■ What you have to do: Word for word, reproduce each line of the data below, omitting every image.

Records drawn from a dataset:
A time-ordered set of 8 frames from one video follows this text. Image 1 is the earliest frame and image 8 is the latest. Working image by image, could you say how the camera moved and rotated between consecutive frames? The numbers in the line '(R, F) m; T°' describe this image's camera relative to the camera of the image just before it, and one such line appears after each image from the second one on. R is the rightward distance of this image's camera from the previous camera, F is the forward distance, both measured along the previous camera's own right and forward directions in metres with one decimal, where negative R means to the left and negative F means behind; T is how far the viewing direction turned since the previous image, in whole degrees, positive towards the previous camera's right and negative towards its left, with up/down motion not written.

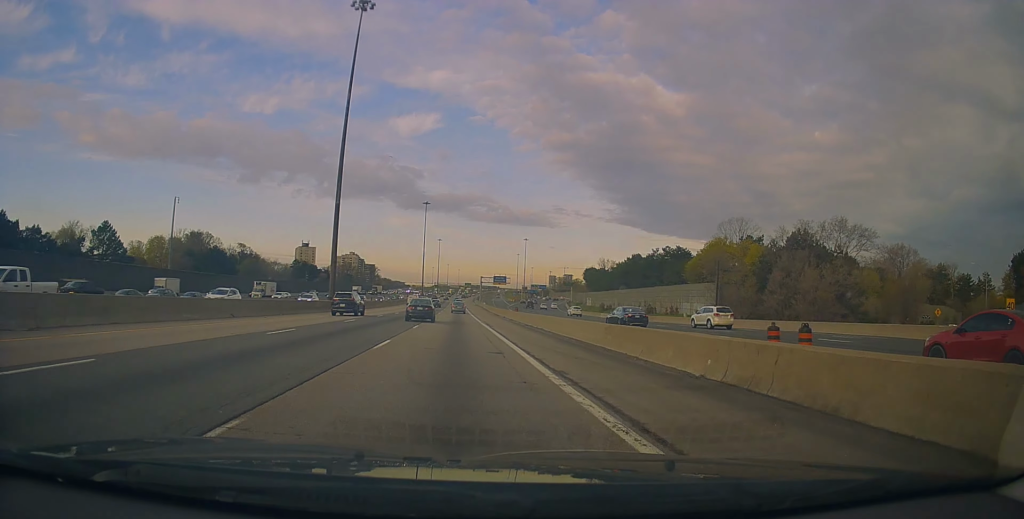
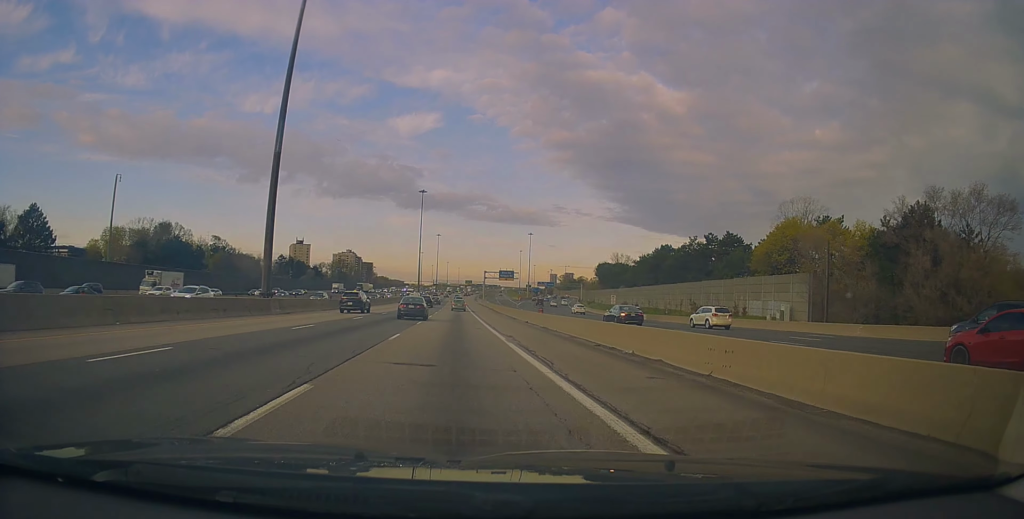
(-0.3, +21.3) m; -1°
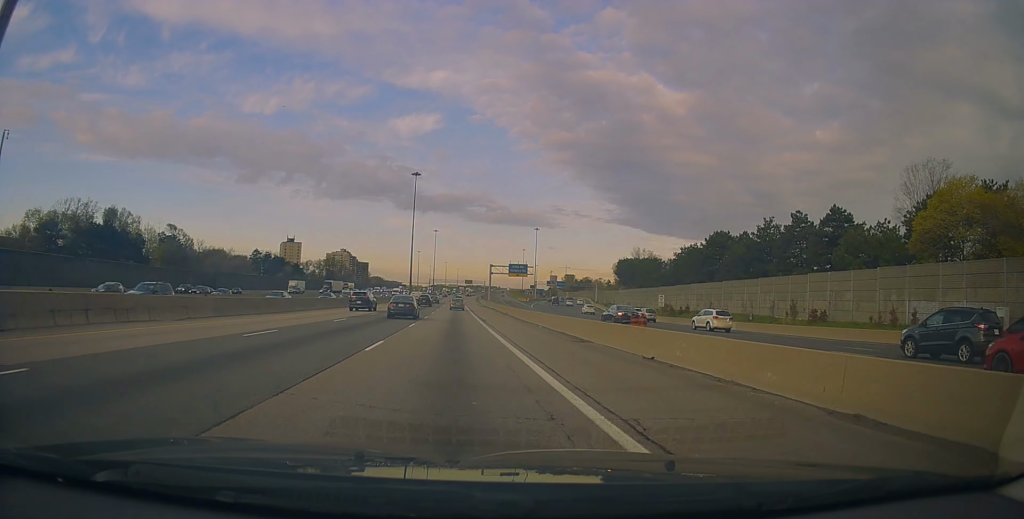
(-0.1, +27.9) m; 0°
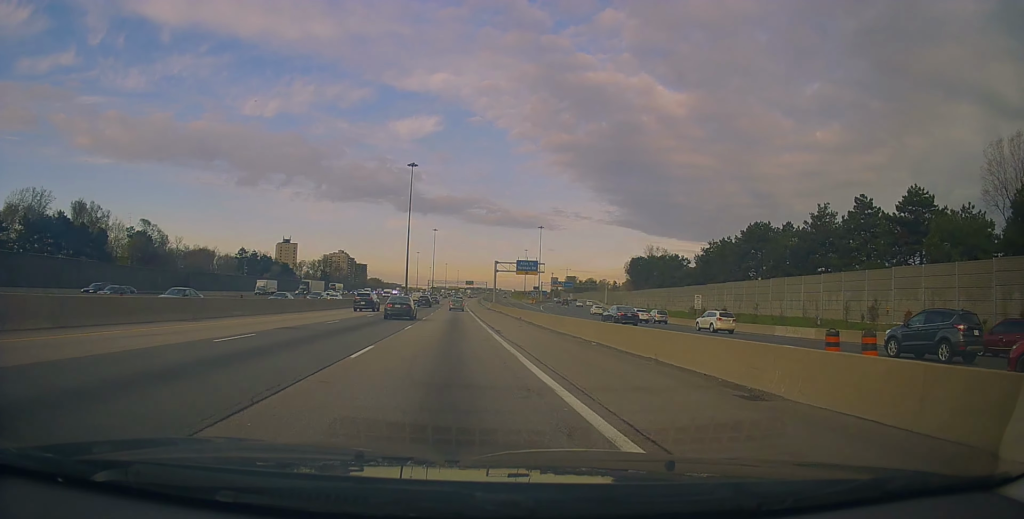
(+0.2, +14.3) m; 0°
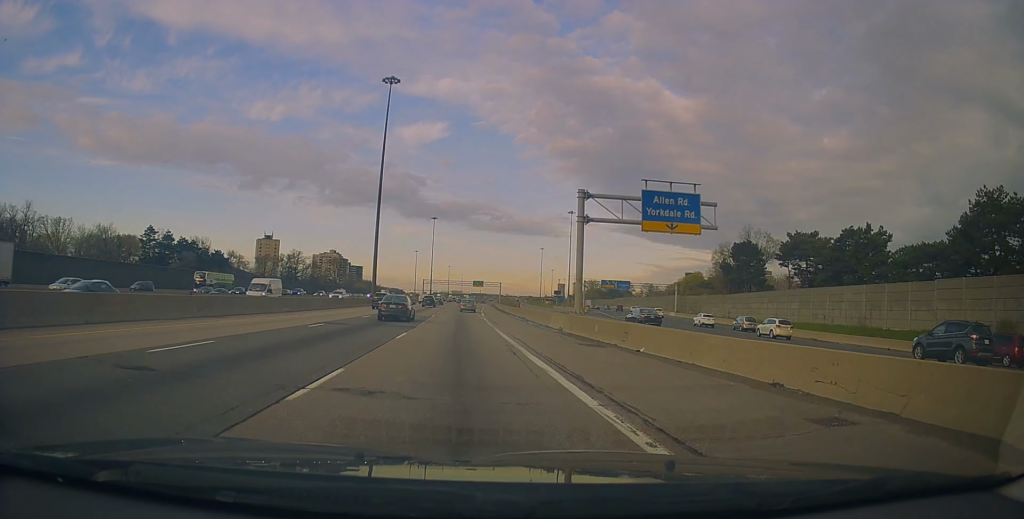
(-0.4, +62.2) m; 0°
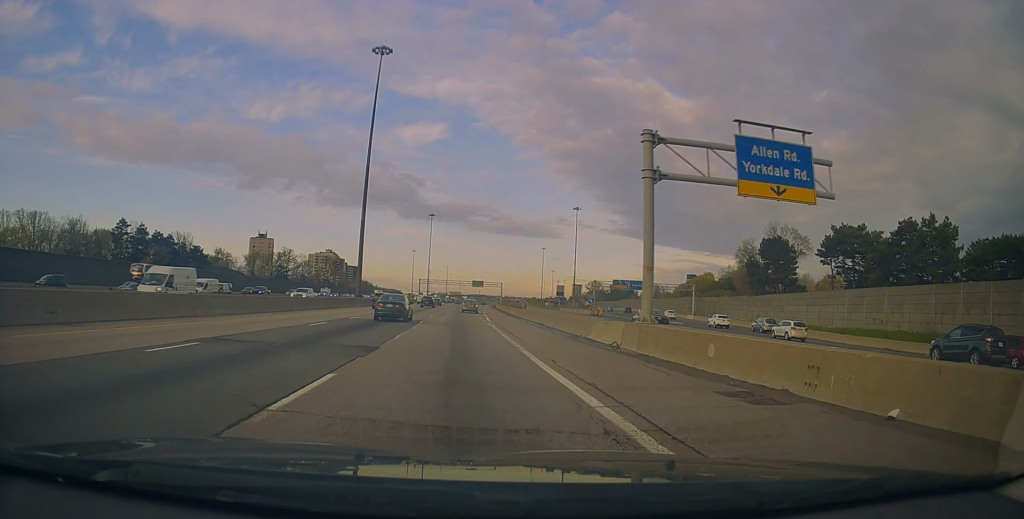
(-0.1, +11.9) m; 0°
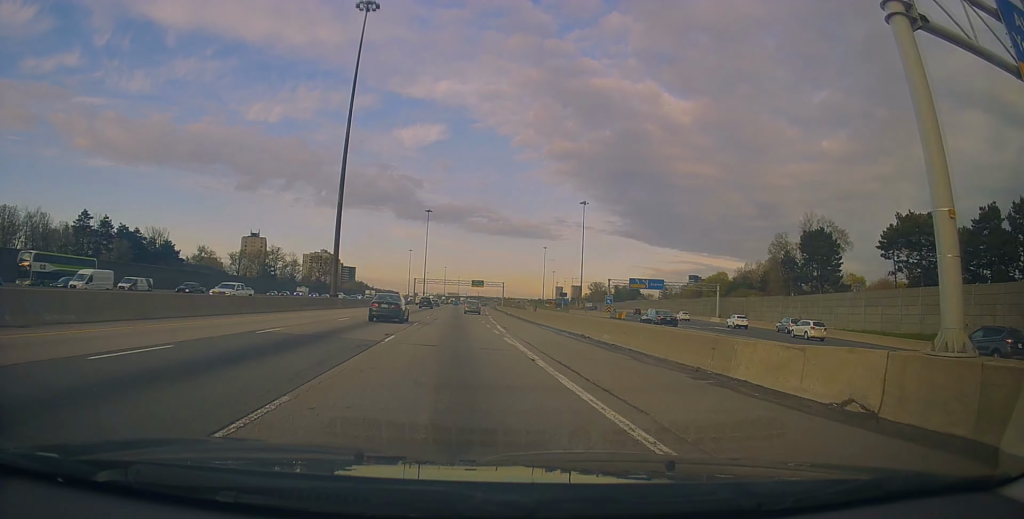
(-0.1, +14.2) m; 0°
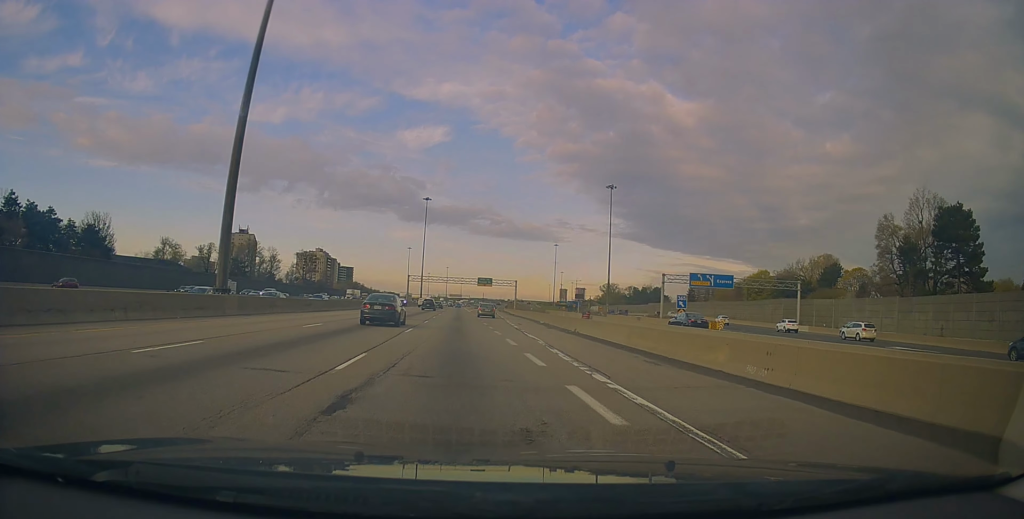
(+0.4, +29.4) m; 0°

■ Result for this task:
A time-ordered set of 8 frames from one video follows this text. Image 1 is the earliest frame and image 8 is the latest. Working image by image, could you say how the camera moved and rotated between consecutive frames? The numbers in the line '(R, F) m; T°' describe this image's camera relative to the camera of the image just before it, and one such line appears after each image from the second one on. R is the rightward distance of this image's camera from the previous camera, F is the forward distance, both measured along the previous camera's own right and forward directions in metres with one decimal, where negative R means to the left and negative F means behind; T is how far the viewing direction turned since the previous image, in whole degrees, positive towards the previous camera's right and negative towards its left, with up/down motion not written.

(-0.3, +21.3) m; -1°
(-0.1, +27.9) m; 0°
(+0.2, +14.3) m; 0°
(-0.4, +62.2) m; 0°
(-0.1, +11.9) m; 0°
(-0.1, +14.2) m; 0°
(+0.4, +29.4) m; 0°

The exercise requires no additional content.